There was more of this. And day by day the visitors came.

The elders sat on the floor and chanted. My adopted grandmother Teuringa was the liveliest of the lot, grunting and moving her stiff limbs in an ancient dance as if recalling long-past amorous encounters of her youth. Tinaia, holding her pet pig in her lap, joined in the rousing chants.

So the days passed, in a hut woven of palm leaves and thatched with the leaves of the pandanus, floored with pebbles; under treatment by a mixture of herb doctor and pagan magician, a thousand miles from a hospital, but surrounded by kind and loving friends, who sorrowed at my discomfort and grieved for my imminent departure.

Practically the whole village called. Only Temata the daughter of Maru did not come near.

“It is proof,” charged Roki, “that she has caused this illness by witchcraft.”

“Tell her,” I suggested, “that I myself am a sorcerer and that I will make Hawaiian magic, which is stronger than the magic of Tepuka, to bring trouble upon her worse than mine.”

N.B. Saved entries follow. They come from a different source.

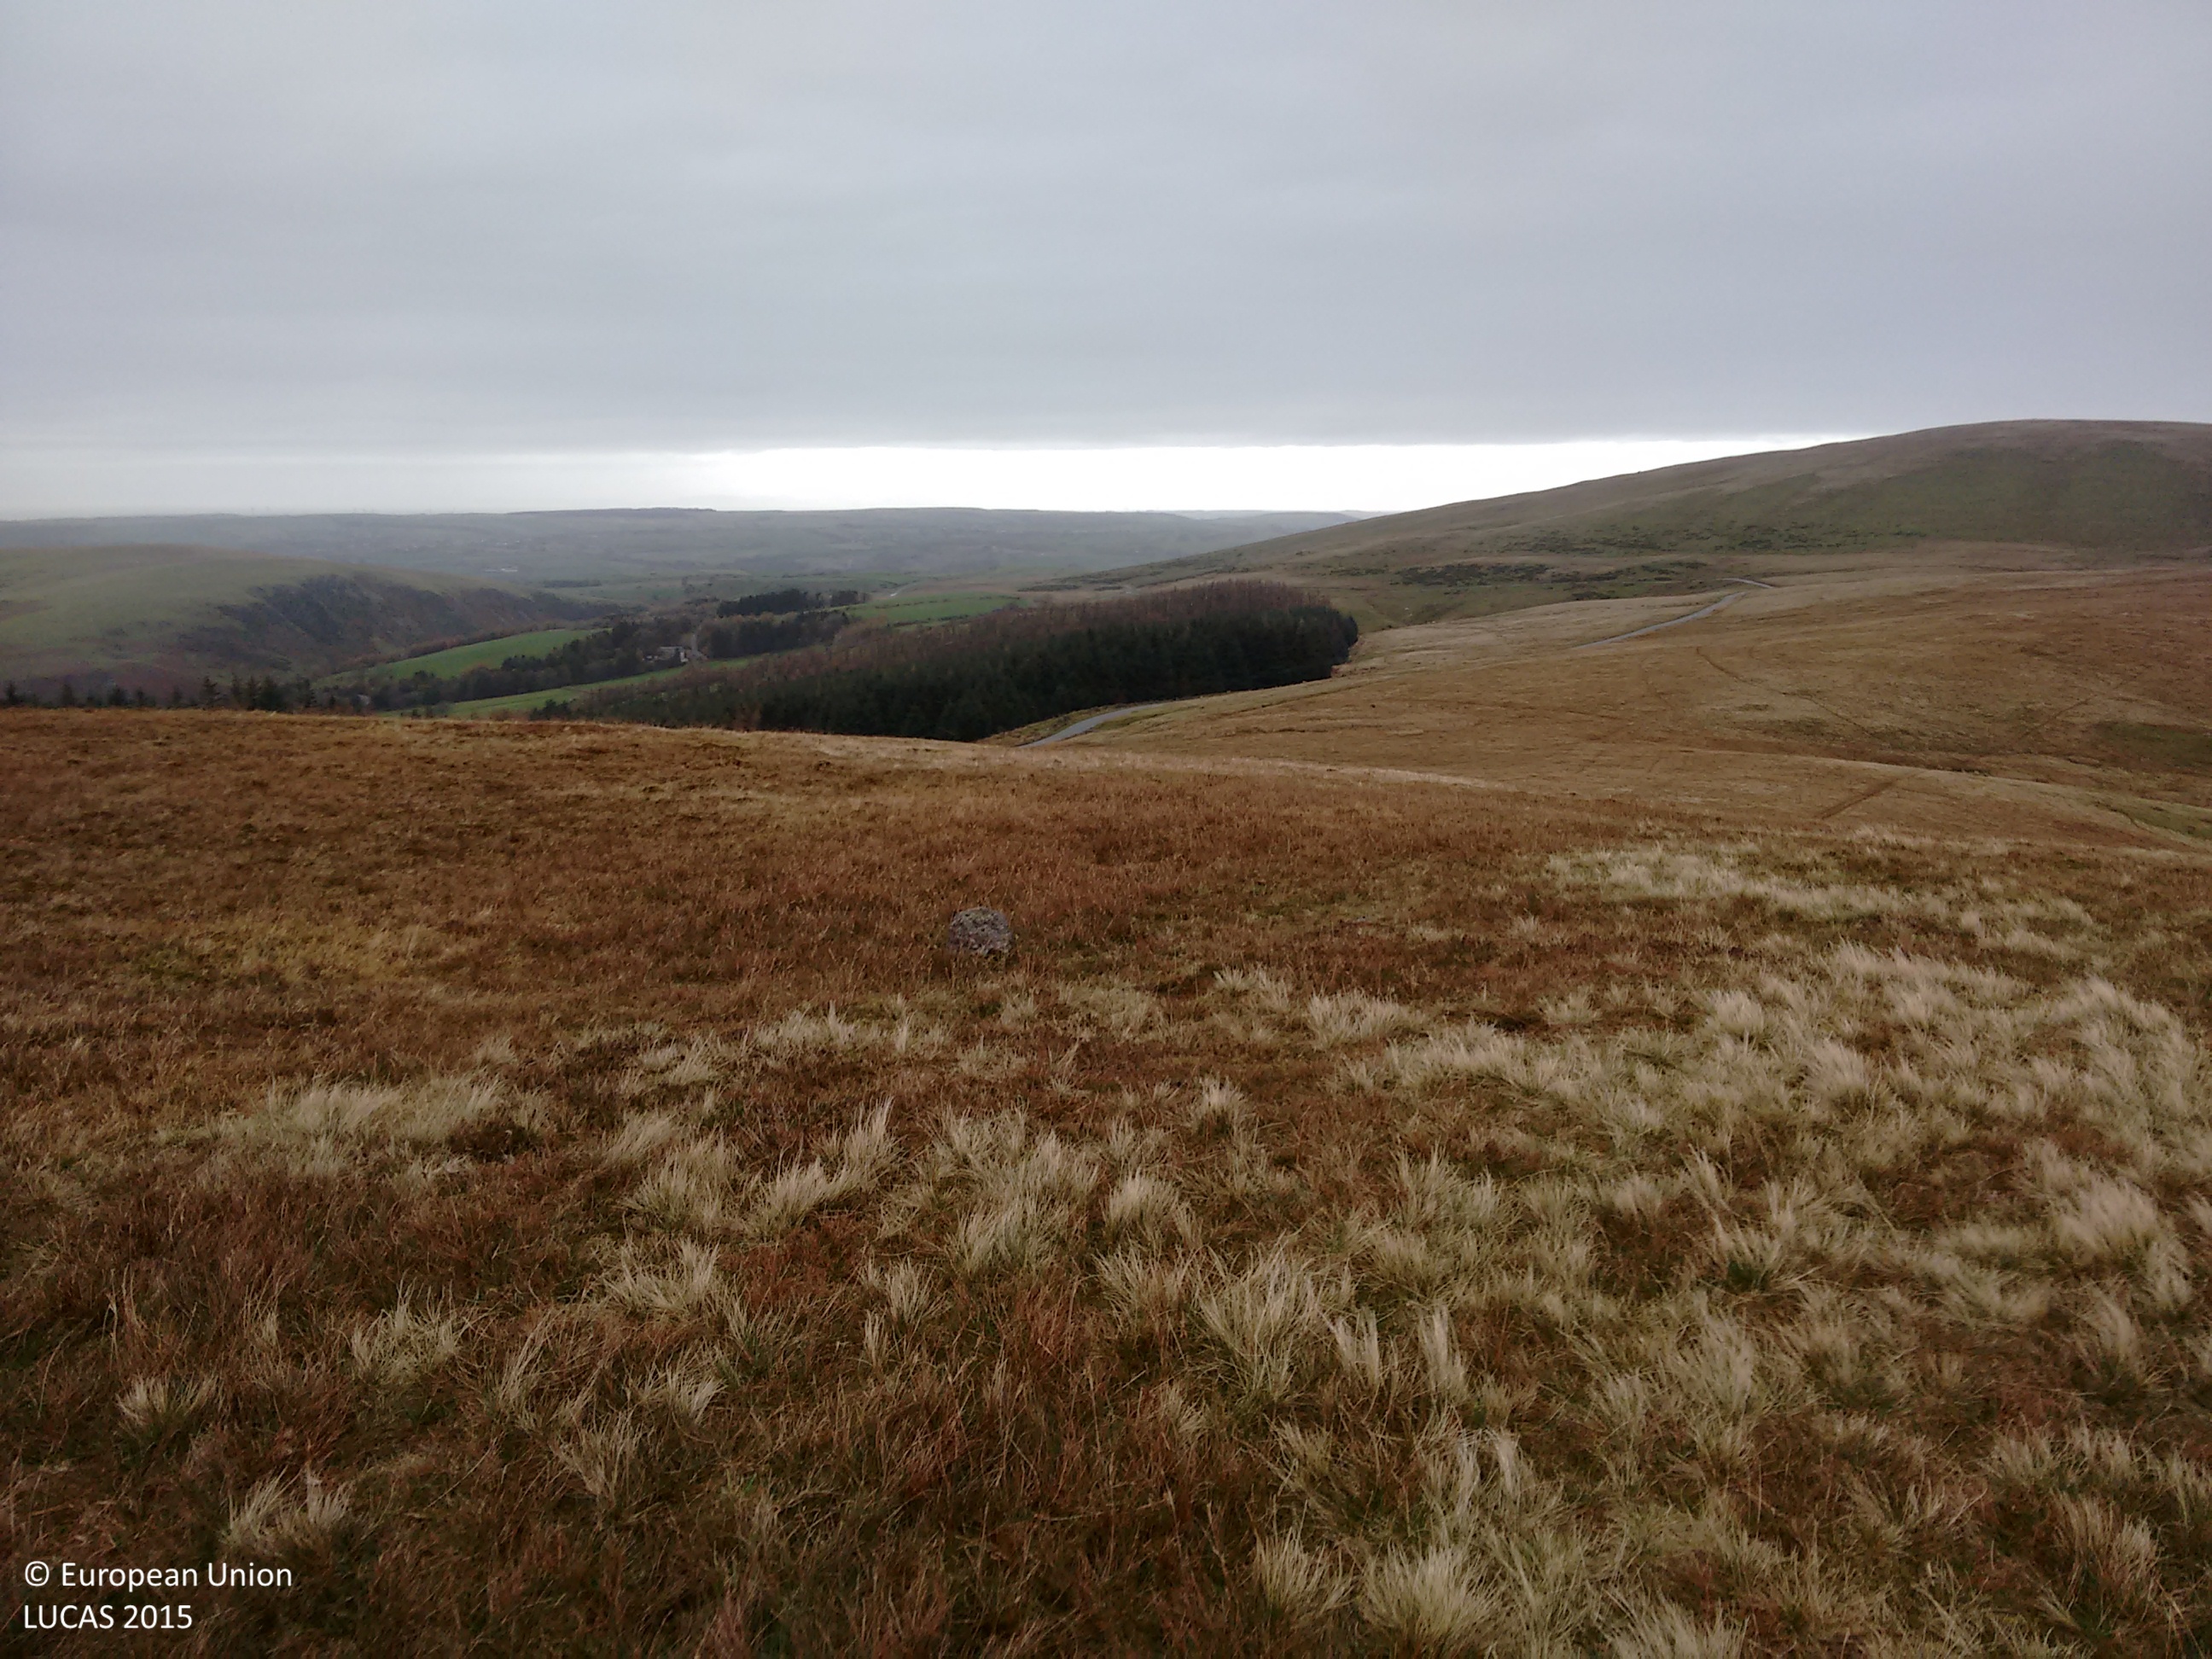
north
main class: Grassland
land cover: Grassland without tree/shrub cover
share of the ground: > 75 %
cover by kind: herbaceous plants 100 %
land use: Agriculture (excluding fallow land and kitchen gardens)
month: November
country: GB
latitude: 54.4914
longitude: -3.4346
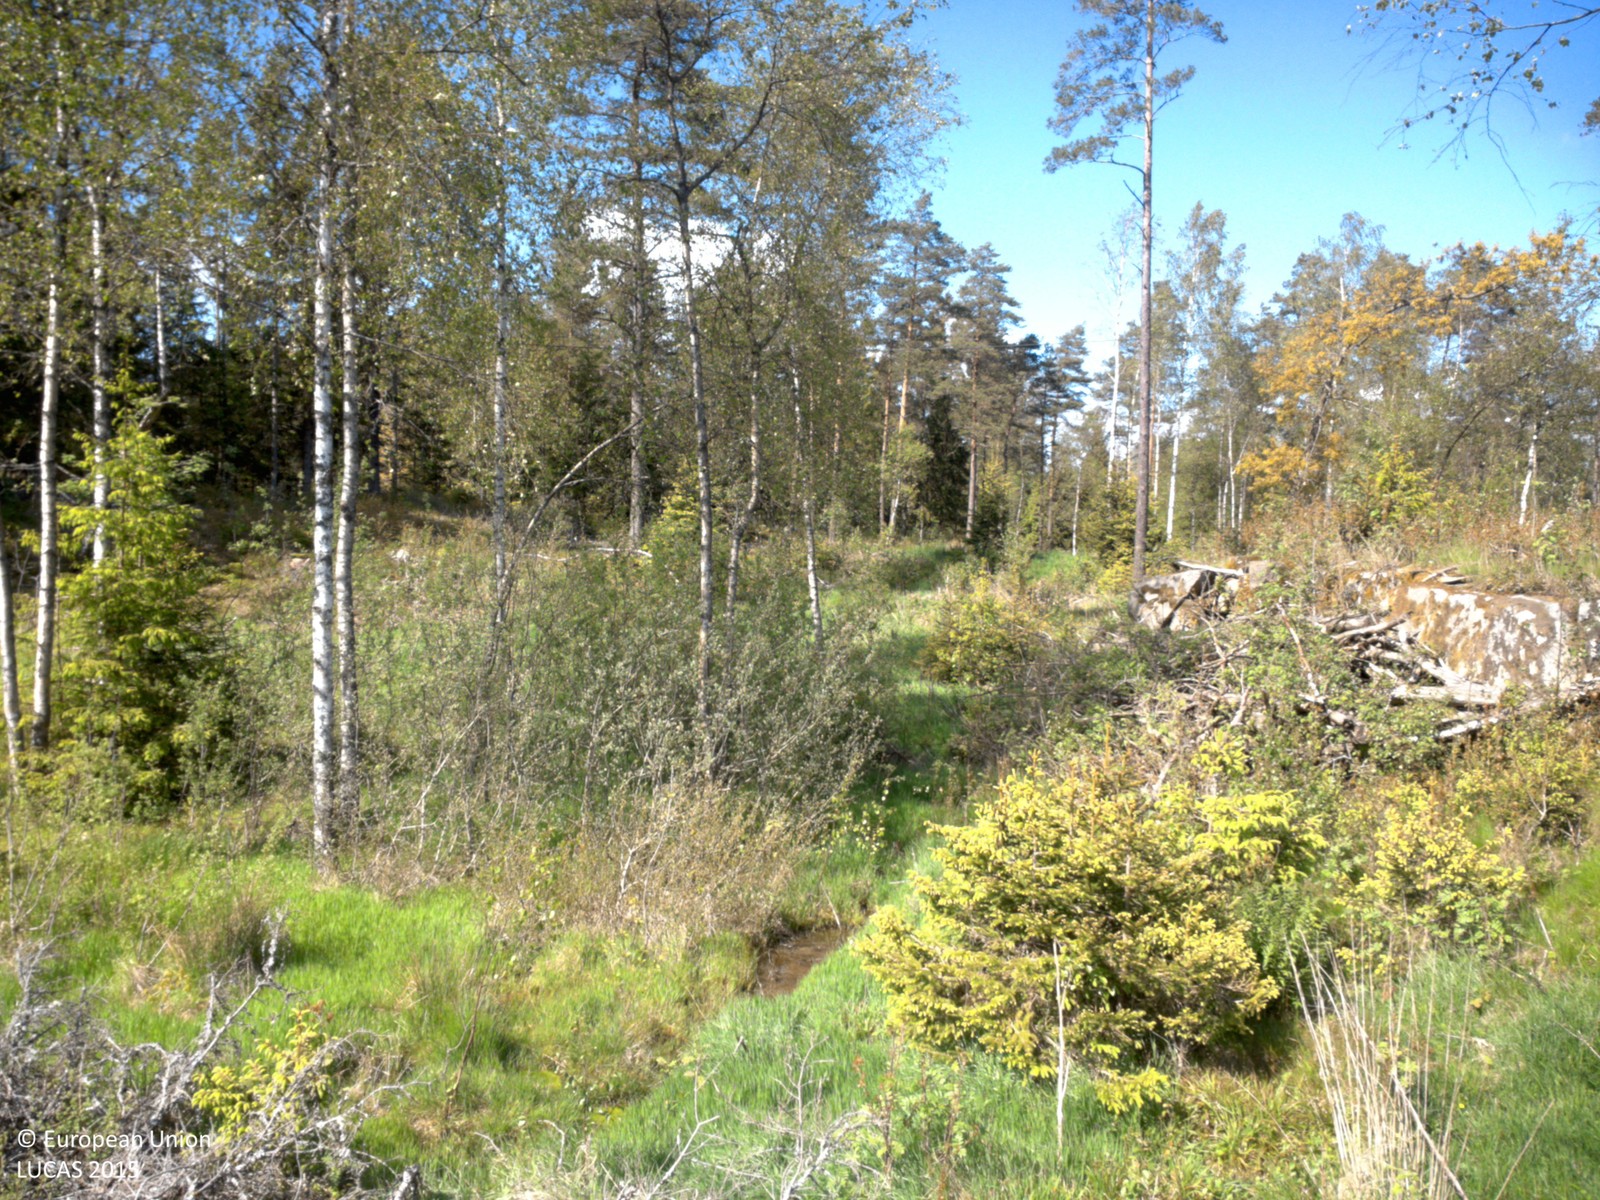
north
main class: Grassland
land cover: Grassland with sparse tree/shrub cover
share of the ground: > 75 %
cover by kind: herbaceous plants 70 %, coniferous forest trees 5 %
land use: Forestry
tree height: > 5 m
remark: Clear cut
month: June
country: SE
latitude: 58.3856
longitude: 11.9288
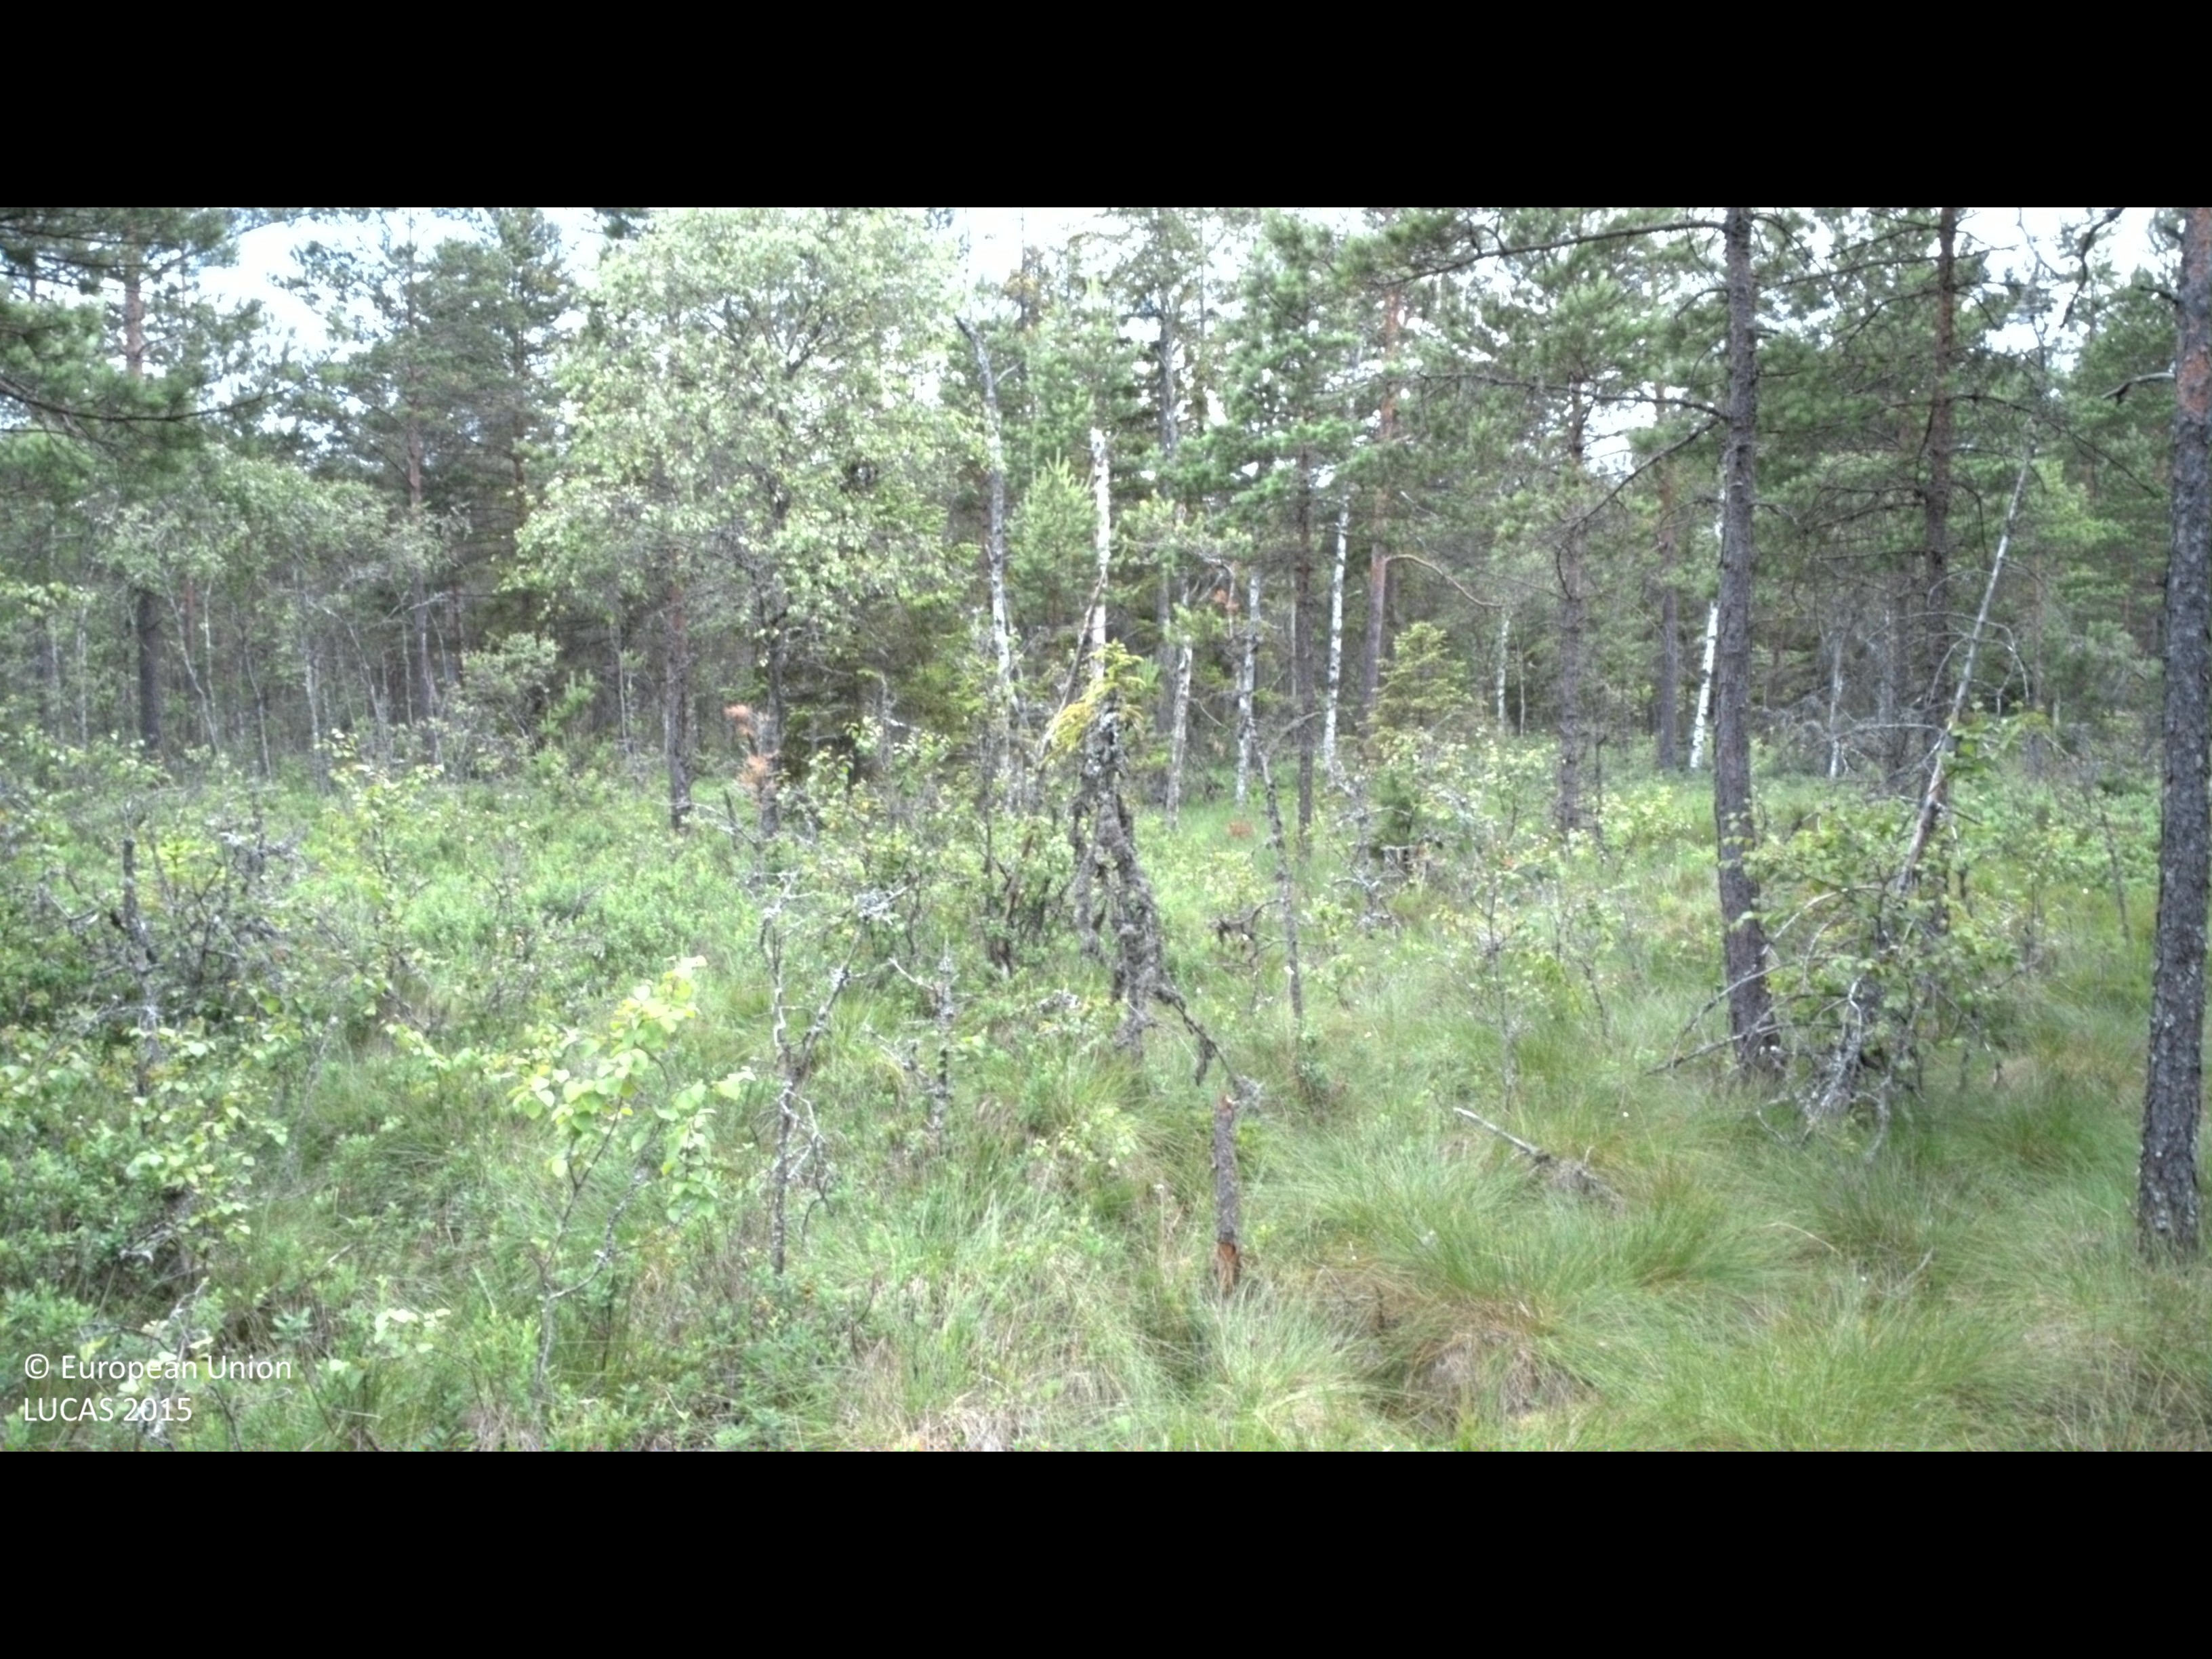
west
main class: Woodland
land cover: Pine dominated coniferous woodland
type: boreal forest
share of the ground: 25 - 50 %
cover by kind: coniferous forest trees 40 %, shrubs 30 %, herbaceous plants 15 %, lichens and mosses 10 %, broadleaved forest trees 5 %
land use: Forestry
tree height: > 5 m
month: July
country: SE
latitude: 56.5422
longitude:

Tukua, Temata’s cousin, who was sitting in the doorway, appeared startled.

“Temata has made no magic,” she protested. “Temata doesn’t know witchcraft.”

That evening Tukua returned, bringing Temata, who seemed ill at ease. Other visitors watched her narrowly as she entered and squatted near my mat. Temata looked around at them defiantly, then turned to me, saying defiantly: “It serves you right!”

Monday came, and my nurse Tinaia remarked with satisfaction the fulfillment of her prediction. The infected spot, when she unwrapped it, resembled nothing so much as a miniature volcano in eruption. The next treatment, she indicated, was a poultice of soap—red soap, by which she meant the harsh yellow laundry soap that comes in long bars in the schooners from Tahiti. Keneti exhibited a cake of a widely advertised American brand which is much redder, with a strong antiseptic odor. Tinaia was visibly pleased.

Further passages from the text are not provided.